• **Task directions**
Go to the line with "2089x1764px. Color fundus image —" in the records below, then output it and each following line exactly, up to and including the line with "Consistent with epiretinal membrane.". Skip pictures and add nothing.

• **Data for processing**

━━━

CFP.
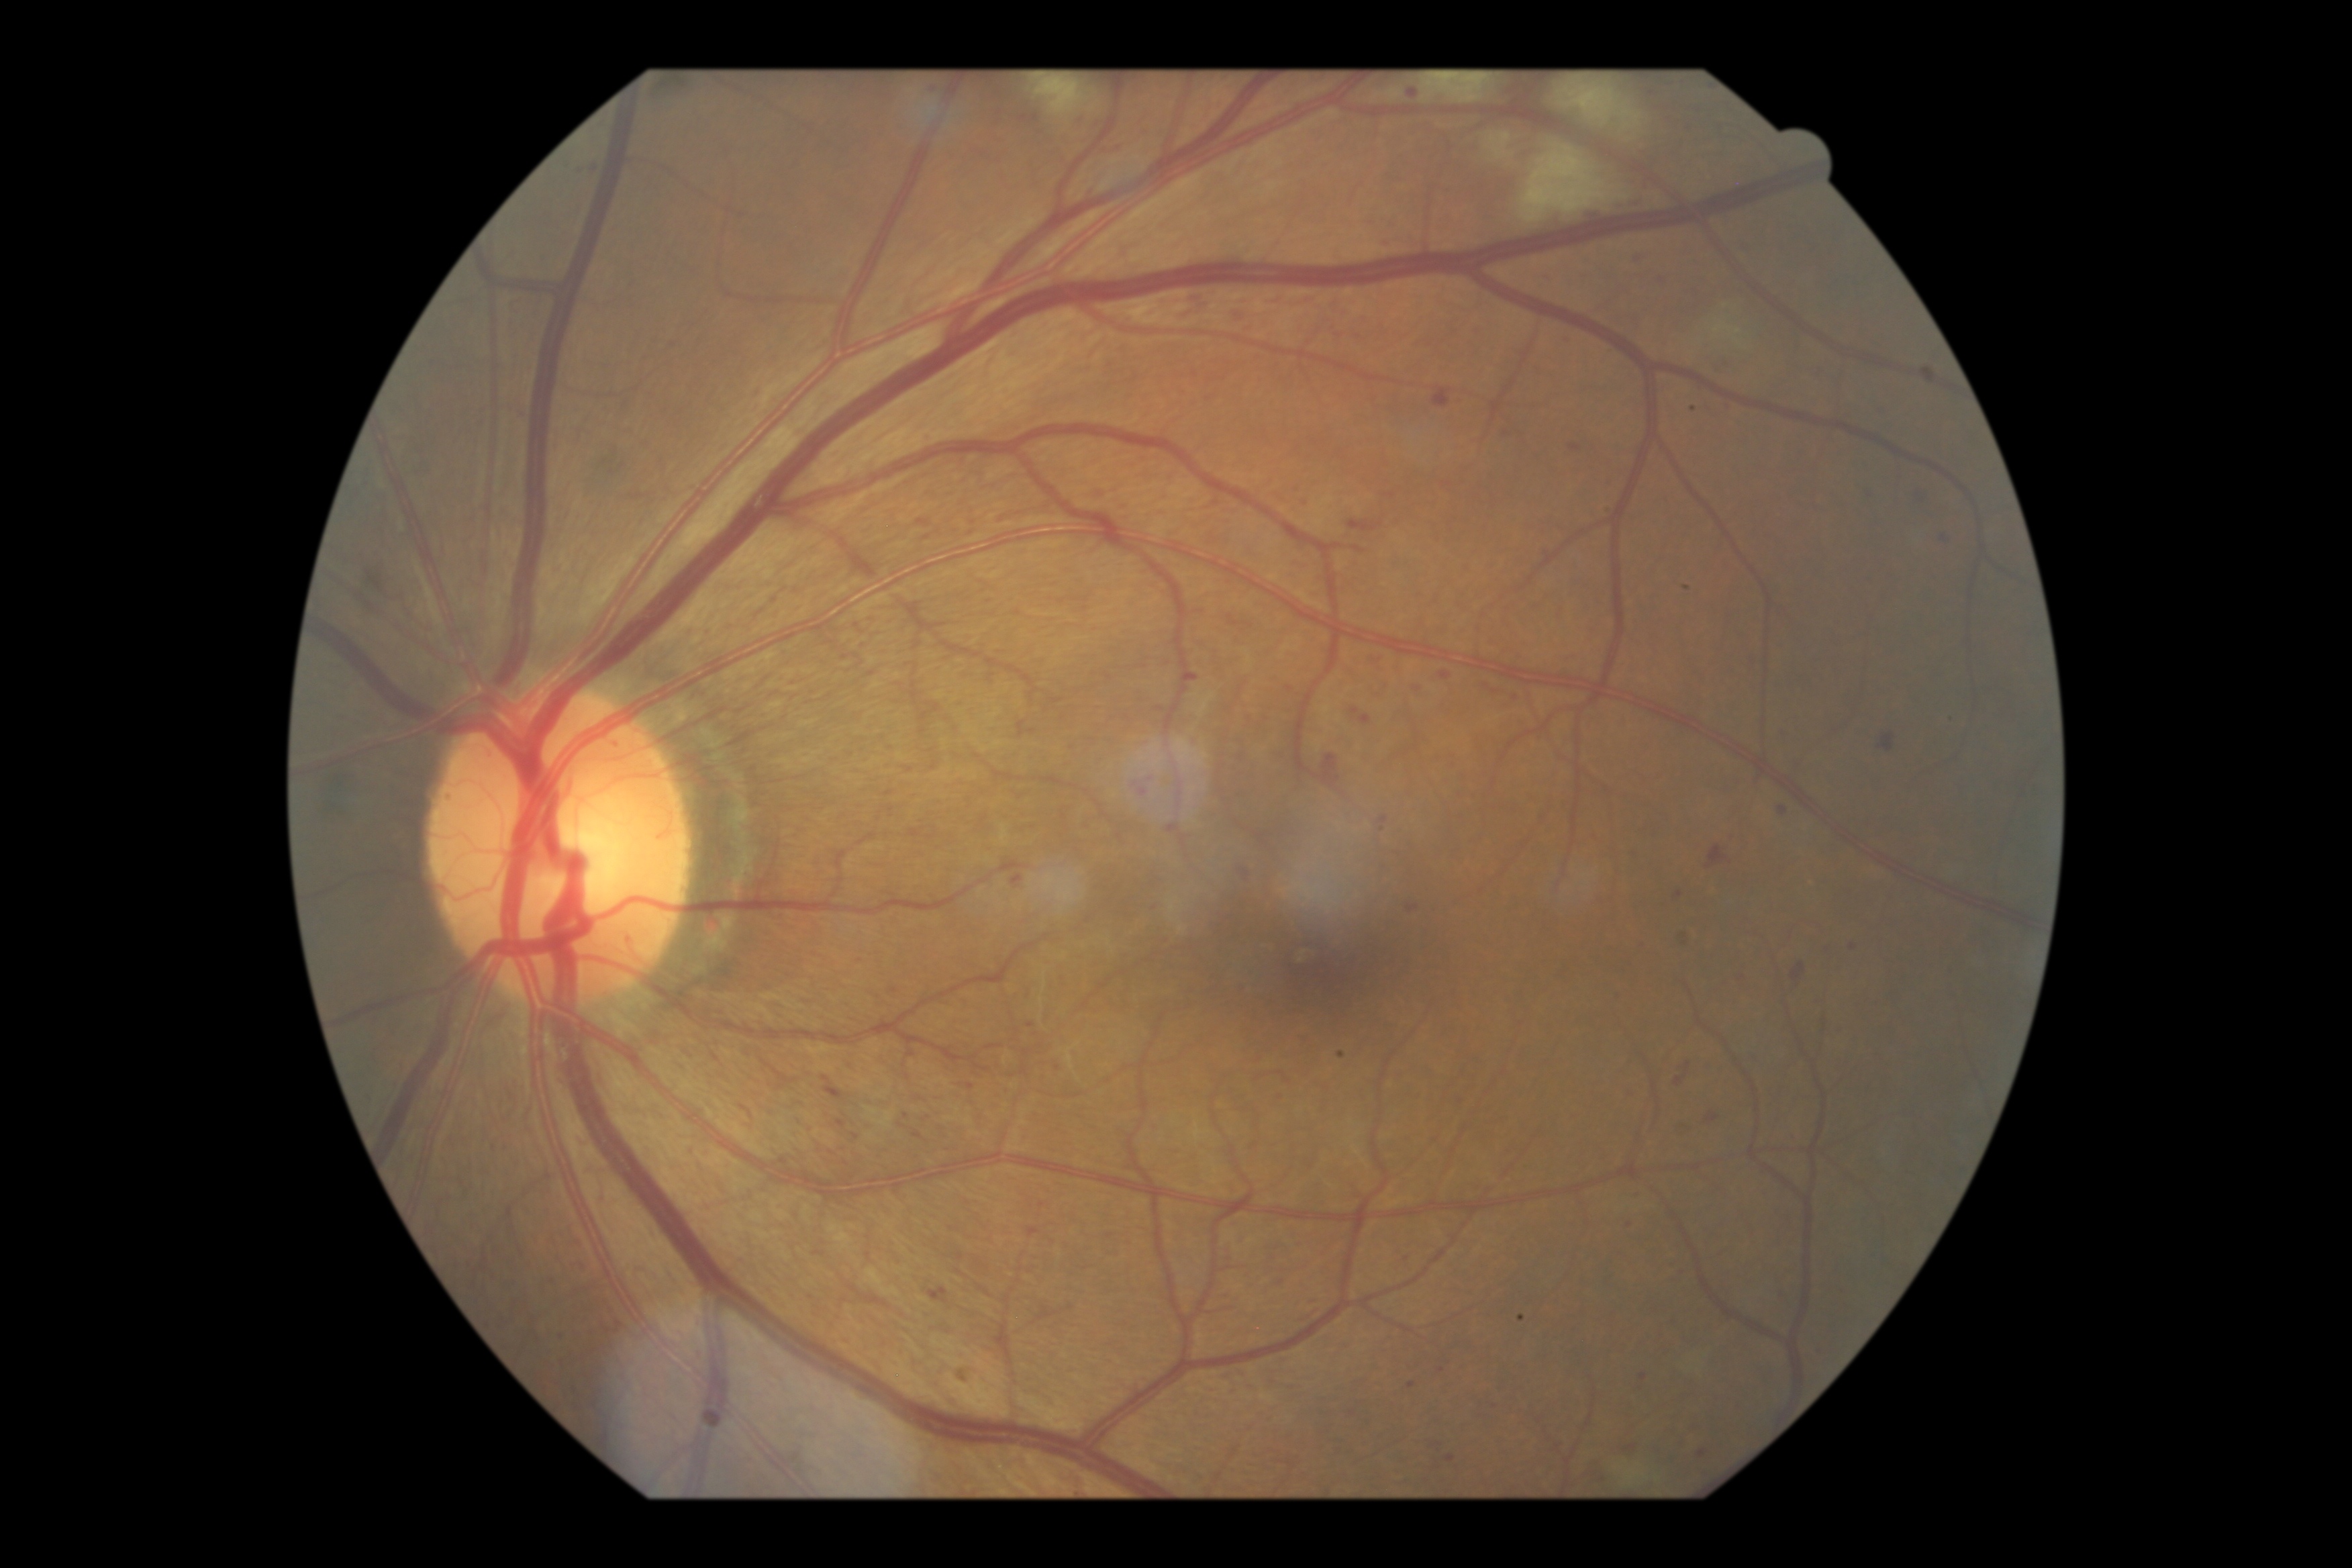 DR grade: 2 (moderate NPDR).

━━━

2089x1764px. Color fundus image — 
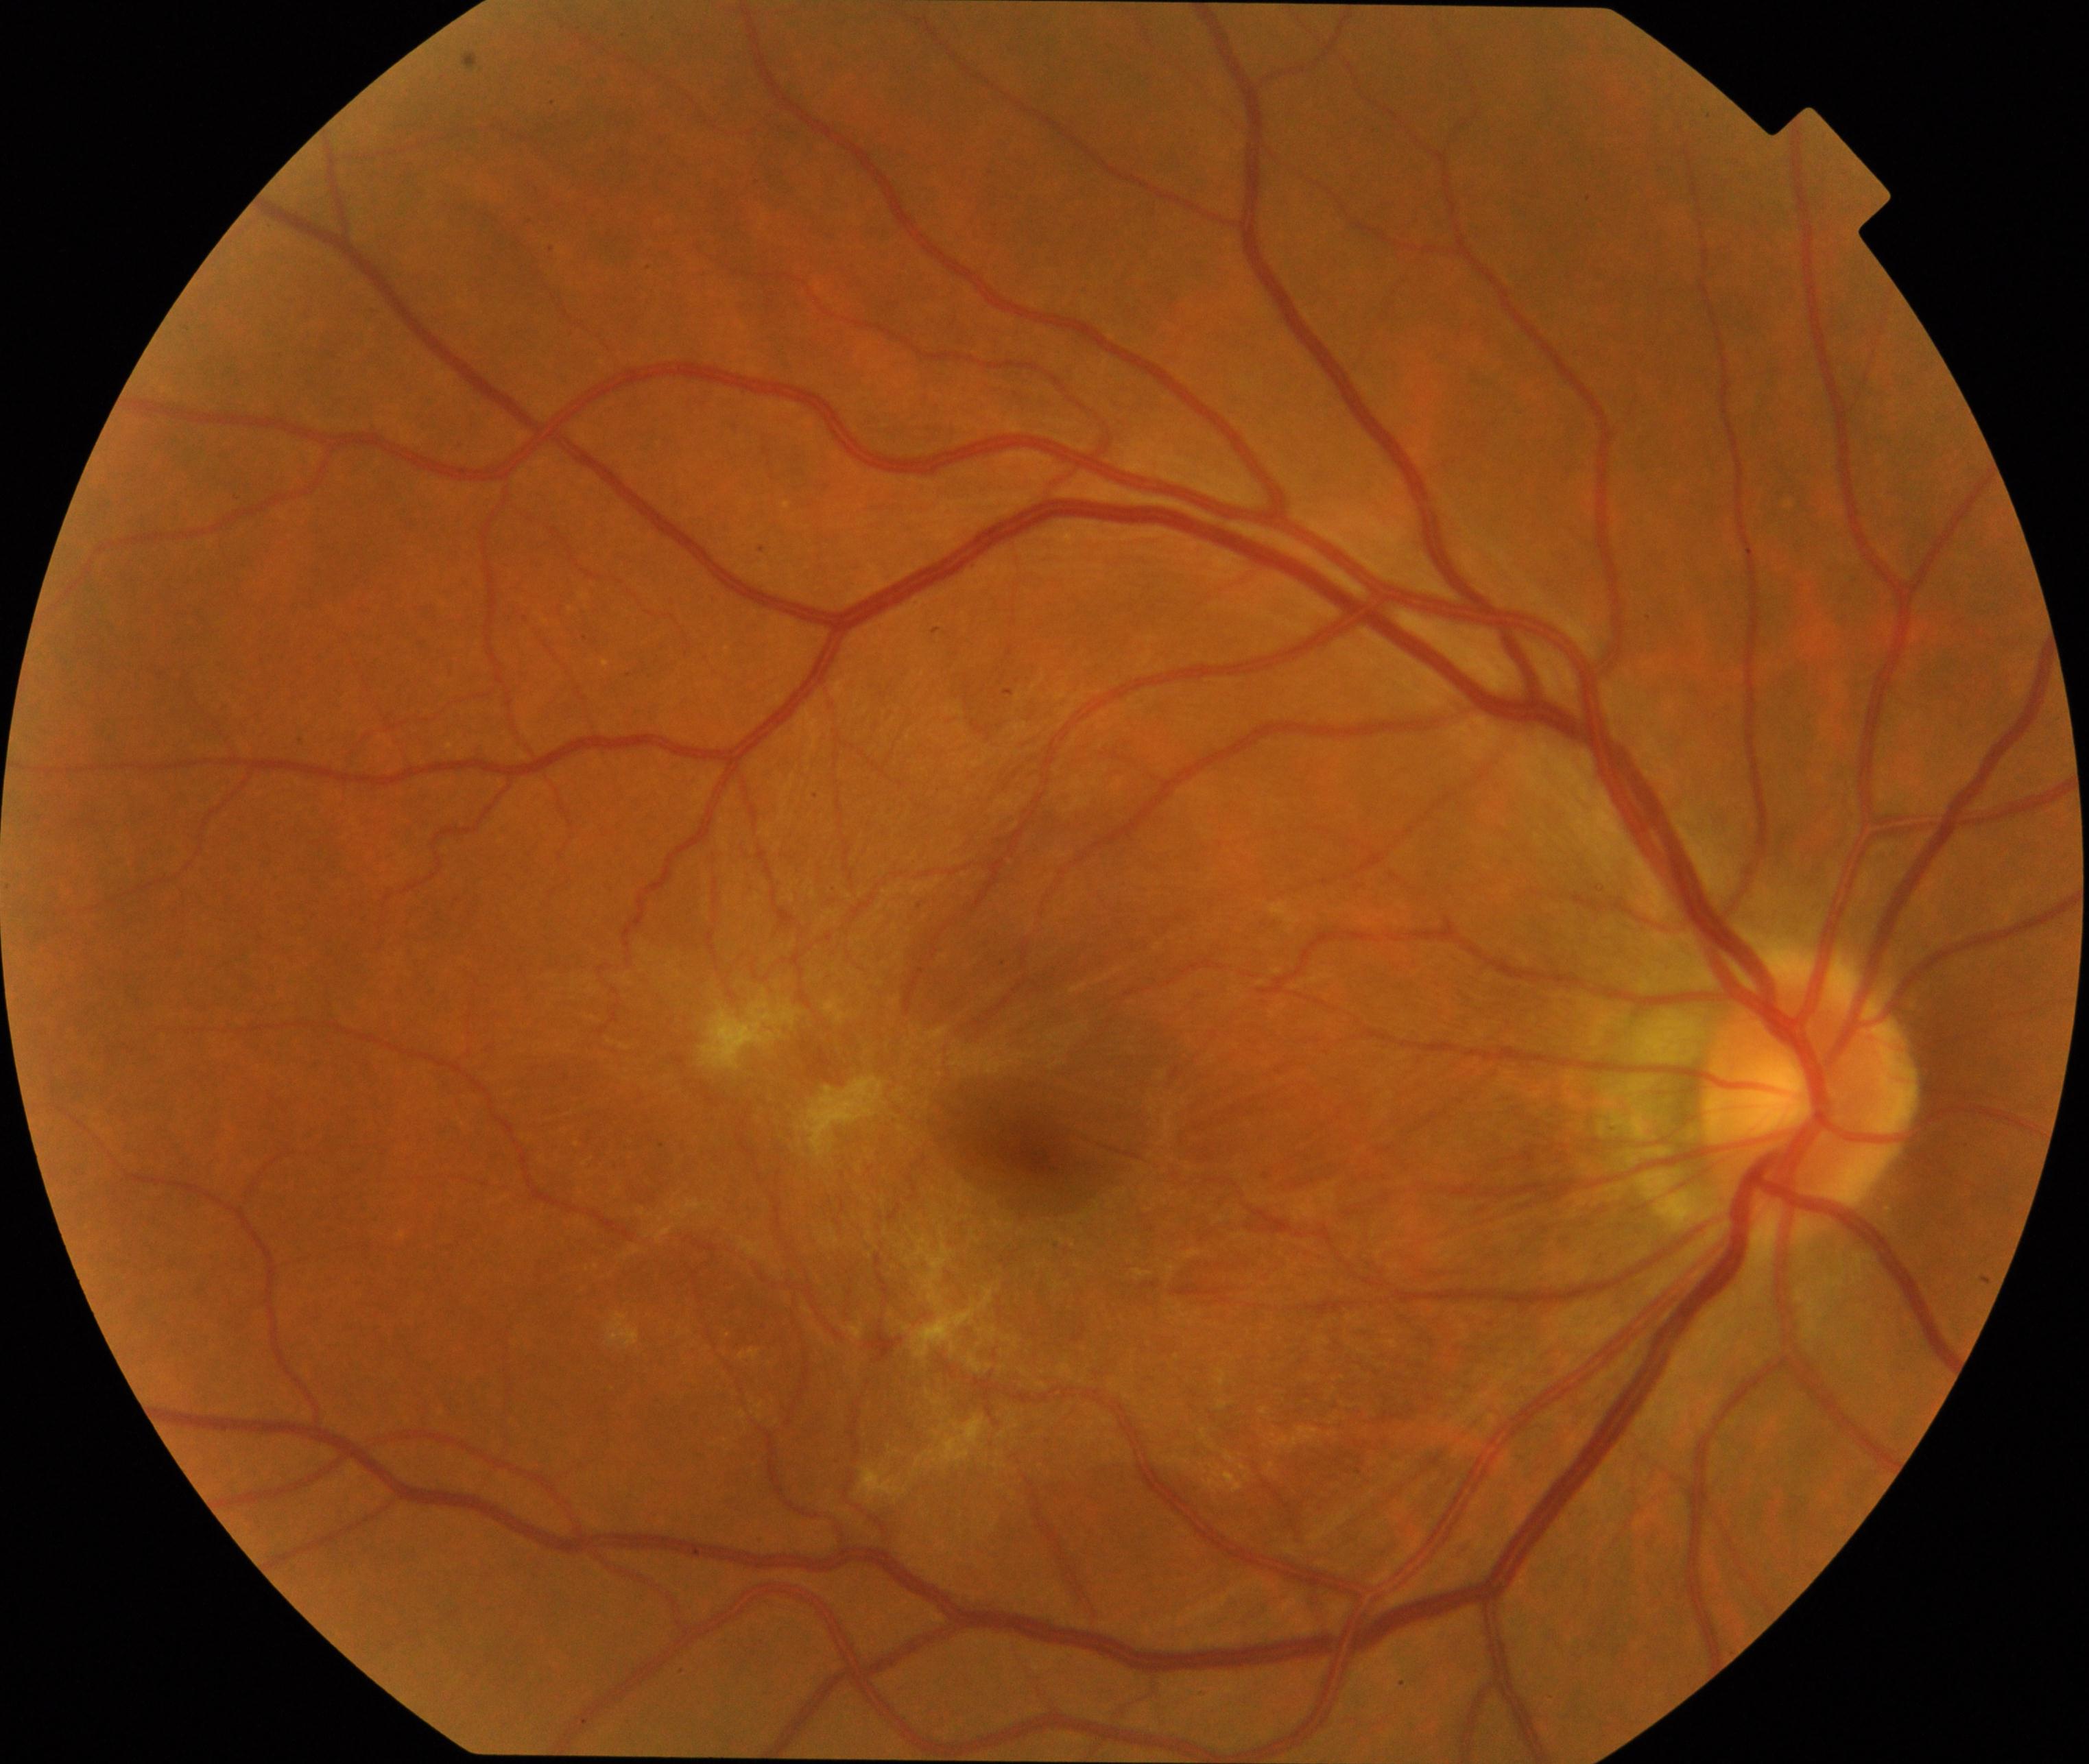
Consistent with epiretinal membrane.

━━━

• **Response area**
2089x1764px. Color fundus image — 
Consistent with epiretinal membrane.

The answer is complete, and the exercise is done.